Подыскать извинение поведению Бэлы? Он попытался. Но причины отказа были слишком очевидны, слишком ясны условия, при которых была бы принята его любовь, и которые привели к тому, что сначала ему была подана надежда. Сколько коварства и кокетства! Генри поклялся заставить замолчать свое сердце. Жизненная борьба начиналась; Генри был молод, борьба грозила быть тяжелой, но его характер позволял надеяться, что он выйдет из нее победителем. Женщина, которую он поставил на пьедестал, как образец невинности и чистоты, оказалась корыстолюбивой эгоисткой, более достойной презрения, чем любви. Ему надо только помнить об этом, и чувство его к ней рассеется само собой. Решив это, Генри вспомнил об отце. Против него он испытывал глухой гнев. Очевидно, угроза лишения наследства приведена была в исполнение сегодня утром. Подробности, данные миссис Мейноринг по этому поводу, не оставляли в нем никакого сомнения. Откуда и как она добыла эти сведения, его не интересовало. Он знал, что она достаточно ловка, чтобы войти в соглашение с нотариусом, у которого генерал должен был составить свое завещание. Его мысли снова вернулись к завещателю, лишившему его одним ударом любви и состояния.

Безумец! В своей нравственной агонии он не подумал ни одной минуты, как дружески отнесся к нему отец, стараясь избавить его от испытаний более тяжелых, чем лишение его наследства. Его презрение к недостойной кокетке не было еще настолько сильно, чтобы дать возможность благоразумно взглянуть на вещи.

Угроза отца была условная. Стоило Генри только раскаяться, и он снова попал бы в милость и добился бы без всякой просьбы с его стороны изменения завещания. Его неповиновение заслуживало наказания, но наказание это было совместимо с той снисходительностью, с какой к нему всегда относился отец.

Так рассуждал бы всякий обыкновенный человек. Нигель Гардинг поступил бы так же и поспешил бы вымолить себе прощение.

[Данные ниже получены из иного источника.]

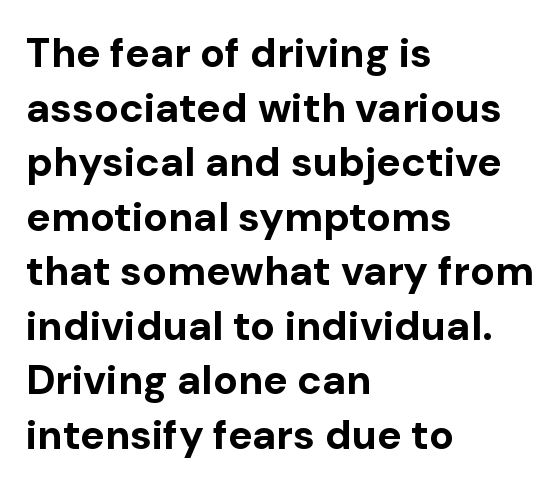
{"serif": "no", "italic": "no", "bold": "yes", "weight": "bold", "width": "normal", "stroke_contrast": "low", "x_height": "medium", "monospaced": "no", "underline": "no", "align": "left", "line_spacing": "normal", "line_spacing_ratio": 1.33, "letter_spacing": "normal", "letter_spacing_em": 0.0, "glyph_px": 41}
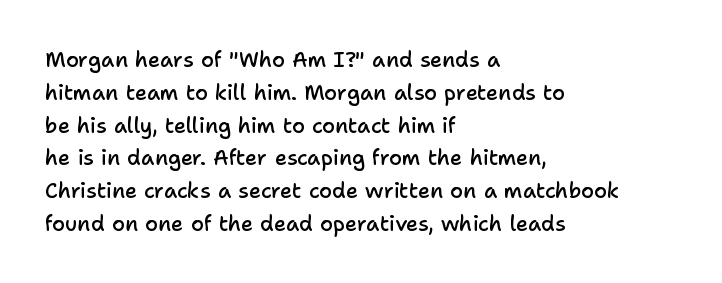
A somewhat darkened texture: the type is semibold rather than bold. Every stem runs plumb, perpendicular to the baseline. No extra tracking has been applied to these lines. A bare baseline throughout the passage. Every row of glyphs begins at an identical x-position on the left. Normally led — the rows are evenly, conventionally spaced.
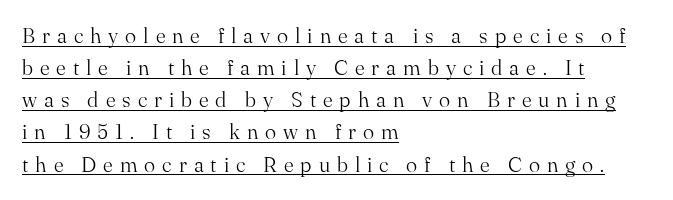
A typesetter would call this heavily tracked-out type. Alignment: flush left. Emphasis is given by a line drawn under the lettering. This sample uses an upright cut, with every glyph sitting square on the baseline. If you measured baseline to baseline, you'd find a middling distance. Heft: none added — not bold.
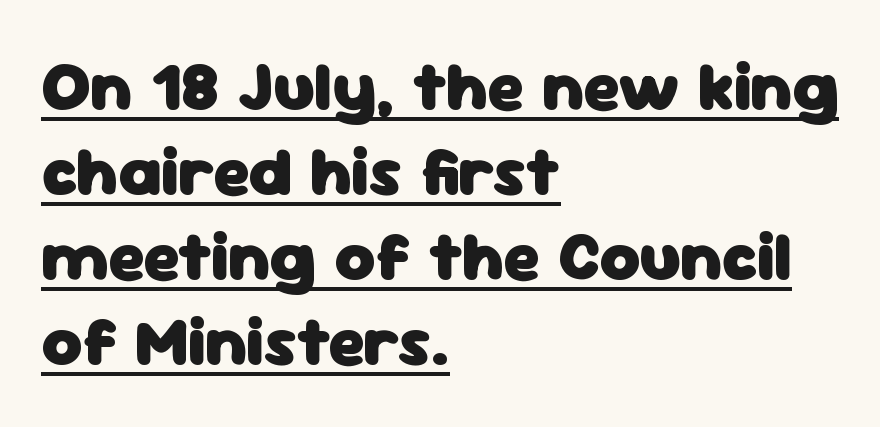
To sum up the face: it is a sans, with no serifs. The lettering holds an erect, upright posture throughout. In terms of weight, the rendering is a true, heavy bold. The lettering is marked with a stroke running underneath it. Proportional: the letters do not fall into vertical columns. Does extra space separate the letters? No, they use regular spacing.
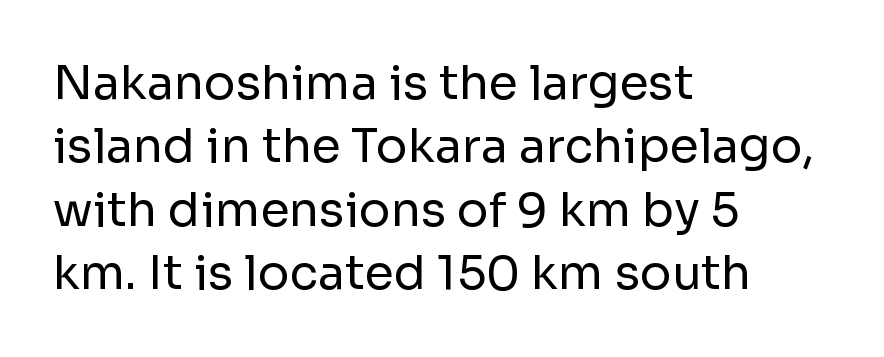
Any mark beneath the type? The region is blank. All the whitespace from short lines collects on the right. The rendering keeps characters at their native spacing. In terms of leading, this rendering sits right in the middle. Letterform terminals end flat and unadorned throughout the passage.
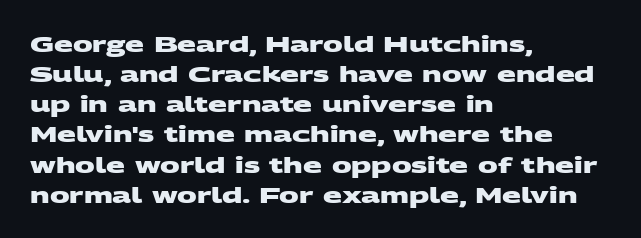
The image shows 22 px bold type; set left-aligned, normal line spacing (1.37x), normal letter spacing, not underlined.
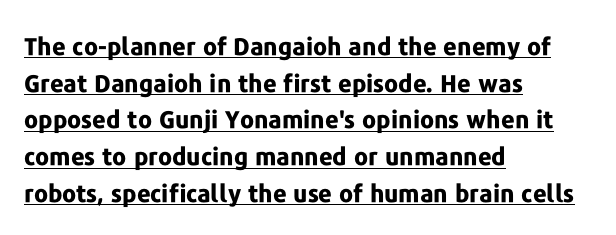
Every character sits straight up, as roman type does. Each line of the rendering has a horizontal stroke beneath the glyphs. Students, note that the glyphs here touch the page at normal intervals. Normally led — the rows are evenly, conventionally spaced. Reading down the block, your eye returns to a fixed left position each line.
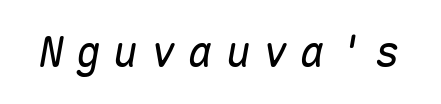
Tracking value appears strongly positive — letters spread wide. In terms of posture, this sample is oblique. On a weight scale, this lands at 450 or below. The string is rendered with underlining switched off. Fixed-width glyphs throughout — classic coding-font behaviour.
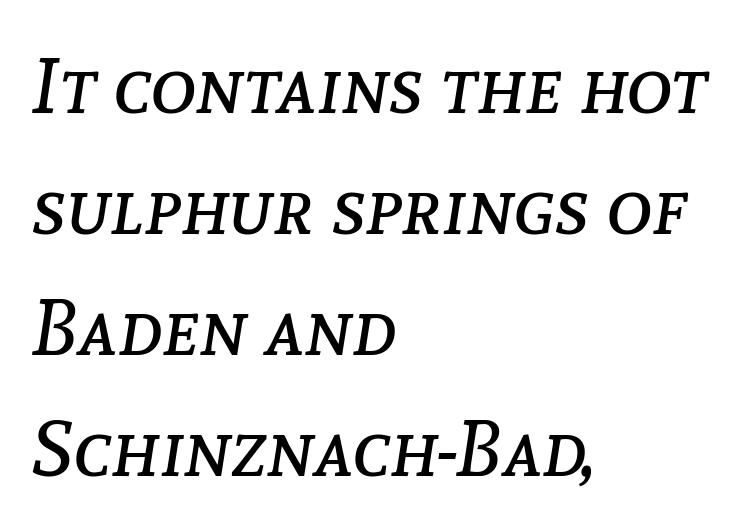
Each letter keeps its own natural width here, so spacing adapts to shape. The tracking reads as untouched default to a designer's eye. The specimen reads as italic at a glance. Decoration check: the copy has no underline.
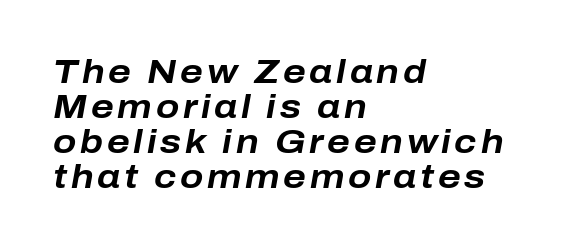
{"italic": "yes", "lean": "right", "slant_degrees": 10, "bold": "yes", "weight": "bold", "width": "normal", "stroke_contrast": "low", "x_height": "medium", "monospaced": "no", "underline": "no", "align": "left", "line_spacing": "tight", "line_spacing_ratio": 1.03, "glyph_px": 34}
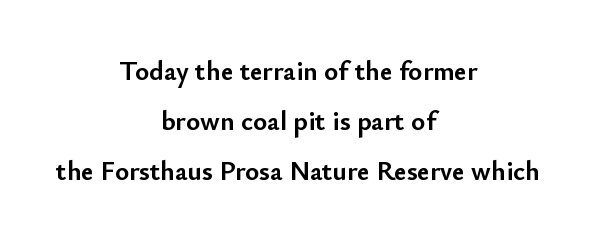
The image shows 27 px bold type, upright; set centered, line spacing 1.85x, normal letter spacing, not underlined.
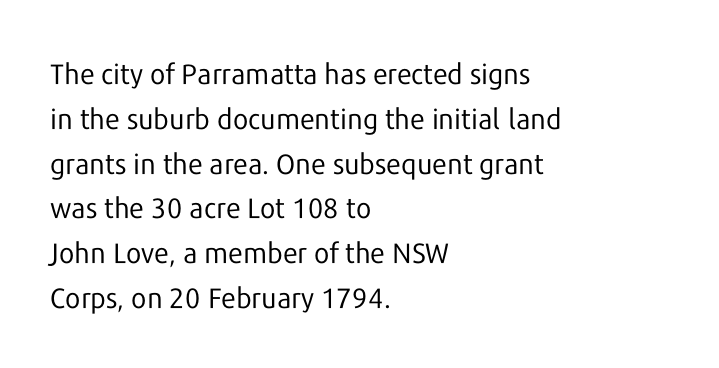
{"serif": "no", "italic": "no", "bold": "no", "weight": "regular", "width": "normal", "stroke_contrast": "low", "x_height": "medium", "monospaced": "no", "underline": "no", "align": "left", "line_spacing": "normal", "line_spacing_ratio": 1.6, "letter_spacing": "normal", "letter_spacing_em": 0.0, "glyph_px": 28}
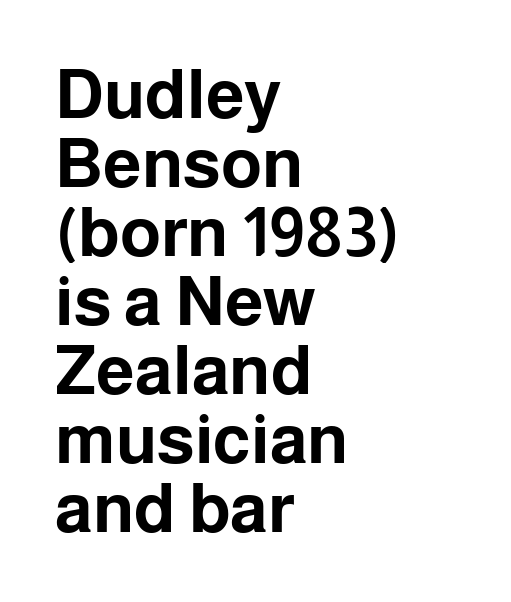
{"serif": "no", "italic": "no", "bold": "yes", "weight": "bold", "width": "normal", "stroke_contrast": "low", "x_height": "medium", "monospaced": "no", "underline": "no", "align": "left", "line_spacing": "tight", "line_spacing_ratio": 1.0, "letter_spacing": "normal", "letter_spacing_em": 0.0, "glyph_px": 69}
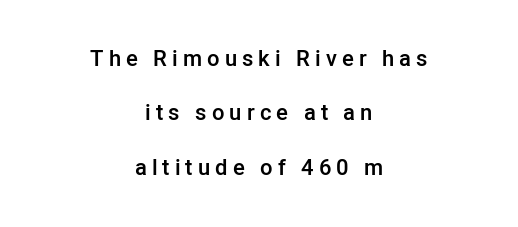
The image shows 22 px text type, upright; set centered, loose line spacing (2.47x), unusually wide letter spacing (+0.23 em), not underlined.
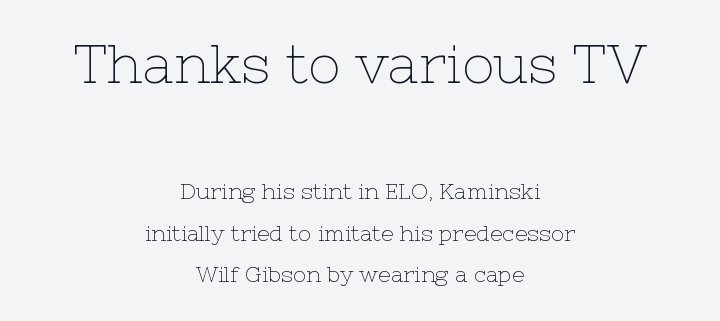
Q: Is the text bold? A: No.
Q: Is the text italic (slanted)? A: No, it is upright.
Q: Is the typeface a serif or a sans-serif typeface? A: Serif.
Q: Is the text underlined? A: No.
Q: How is the paragraph aligned? A: Centered.
Q: Is the spacing between letters normal or unusually wide? A: Normal.
Q: Which block of text is set in a larger size, the first (top) or the second (bottom)? A: The first (top) one.
Q: Width (condensed, normal, or wide)? A: Normal.
Q: Stroke contrast? A: Low.
Q: x-height? A: Medium.
Q: Monospaced? A: No.
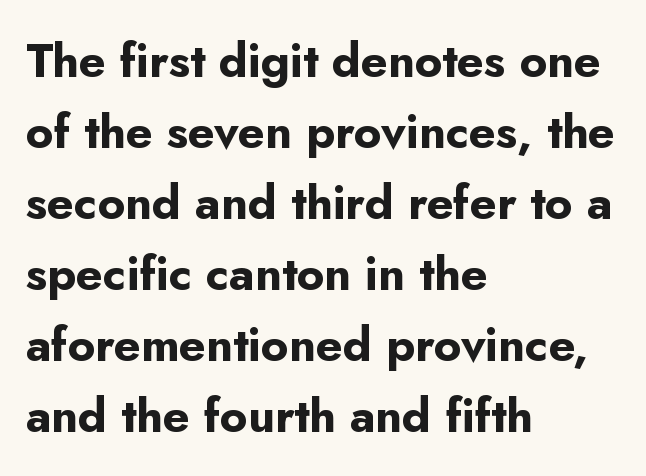
Caption: standard tracking, unaltered. Baseline-to-baseline distance is the conventional proportion of letter height. Is there any slant? The stems are plumb. Font category for this specimen: sans-serif.
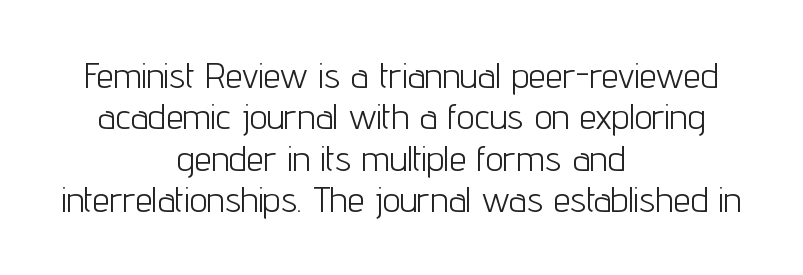
{"serif": "no", "italic": "no", "bold": "no", "weight": "light", "width": "condensed", "stroke_contrast": "low", "x_height": "medium", "monospaced": "no", "underline": "no", "align": "center", "line_spacing_ratio": 1.18, "letter_spacing": "normal", "letter_spacing_em": 0.0, "glyph_px": 35}
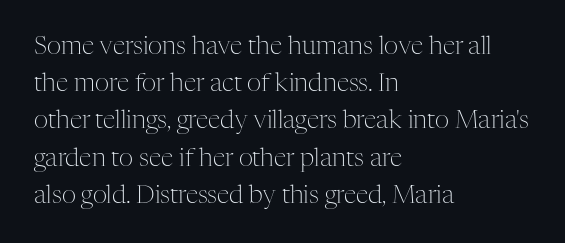
{"italic": "no", "bold": "no", "underline": "no", "align": "left", "line_spacing": "normal", "line_spacing_ratio": 1.49, "letter_spacing": "normal", "letter_spacing_em": 0.0, "glyph_px": 25}
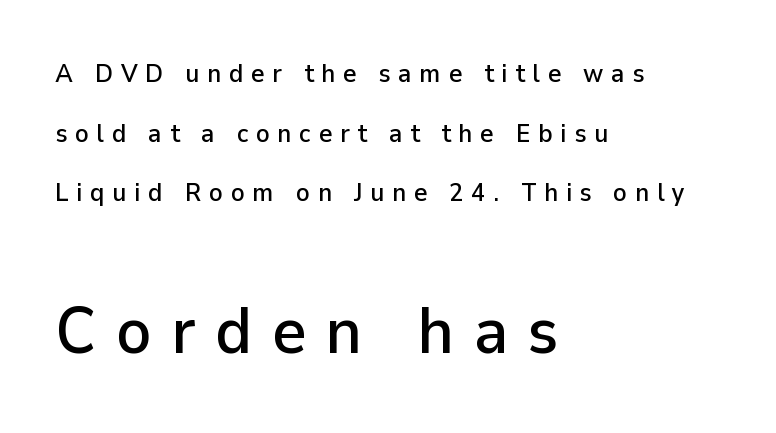
The image shows 66 px sans-serif type, upright; set left-aligned, loose line spacing (2.29x), unusually wide letter spacing (+0.29 em), not underlined; the second (bottom) block is 2.54x larger; low stroke contrast and a medium x-height.
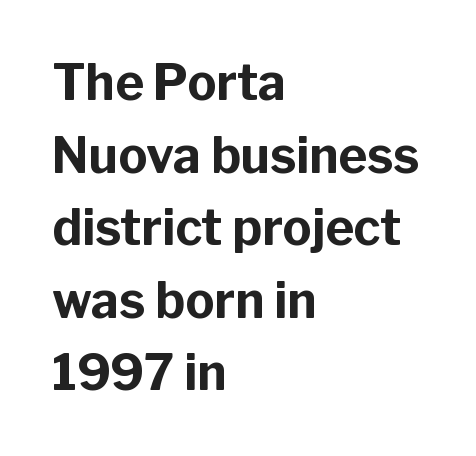
Q: Is the text bold? A: Yes.
Q: Is the text italic (slanted)? A: No, it is upright.
Q: Is the typeface a serif or a sans-serif typeface? A: Sans-serif.
Q: Is the text underlined? A: No.
Q: How is the paragraph aligned? A: Left-aligned.
Q: Is the spacing between letters normal or unusually wide? A: Normal.
Q: Is the spacing between lines tight, normal or loose? A: Normal.
Q: Width (condensed, normal, or wide)? A: Normal.
Q: Stroke contrast? A: Low.
Q: x-height? A: Medium.
Q: Monospaced? A: No.
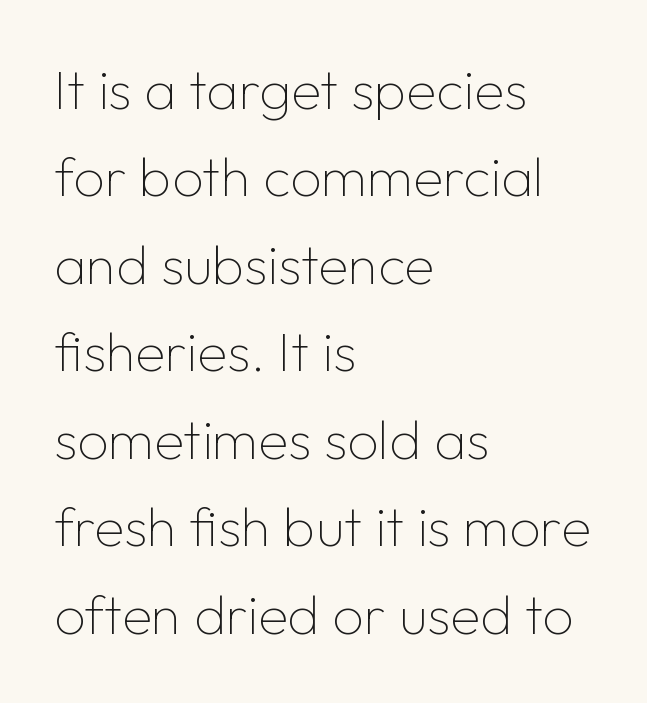
Italic? Not at all — the glyphs are vertical. Stems and bowls with no extra thickness — not bold. Type without underlining. The lines in this sample share a left origin and differ only in where they stop. Compared with typical paragraphs, the rows here are spaced about the same. This is sans-serif lettering, the kind often seen on screens and signage.
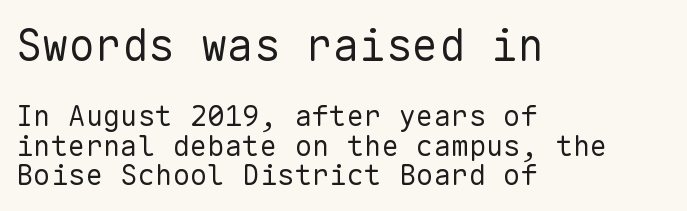
No extra ink here — the face is not bold. Is this a sans? Yes — the strokes have no serifs. Lines of text with bare space underneath. Caption: multi-line text, flush left, ragged right.
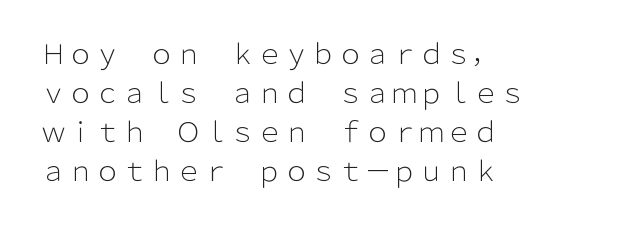
{"italic": "no", "bold": "no", "underline": "no", "align": "left", "line_spacing": "normal", "line_spacing_ratio": 1.44, "letter_spacing": "normal", "letter_spacing_em": 0.0, "glyph_px": 27}
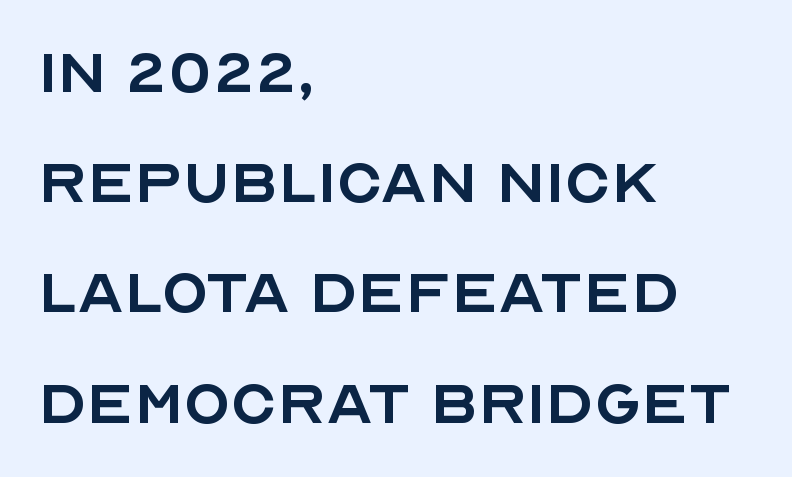
Standard letterfit; no display-style spreading of the glyphs. Quick note: underline off. How would I describe the line gaps? Plain and ordinary. Each letter keeps its own natural width here, so spacing adapts to shape. The strokes carry an ordinary text weight at most.
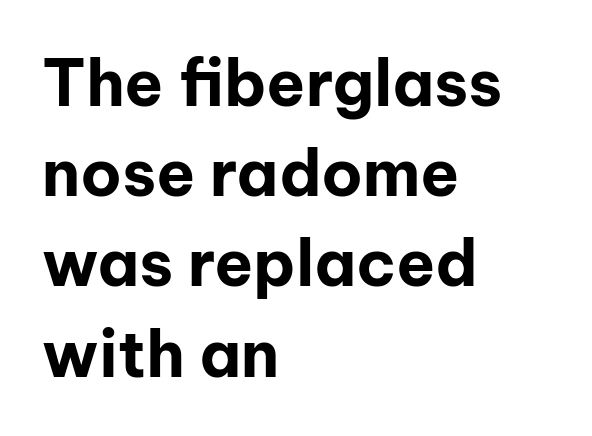
A typesetter would call this proportional, since set widths differ per character. The glyphs in this specimen are sans serif. Interline gaps are of average width in this sample. Teacher's note: observe the even left margin — that is flush-left alignment. Nobody touched the tracking dial on this one.

Генри думал иначе. Глубоко уязвленный в своей гордости и в своей привязанности, он убедил себя, что дом его отца не для него.

С энергией отчаяния он уцепился за это героическое решение. Дойдя уже до ворот парка, он вдруг повернул назад и направился большими шагами к соседней станции железной дороги.

Час спустя он был уже в Лондоне, твердо решив не возвращаться в графство Букингем.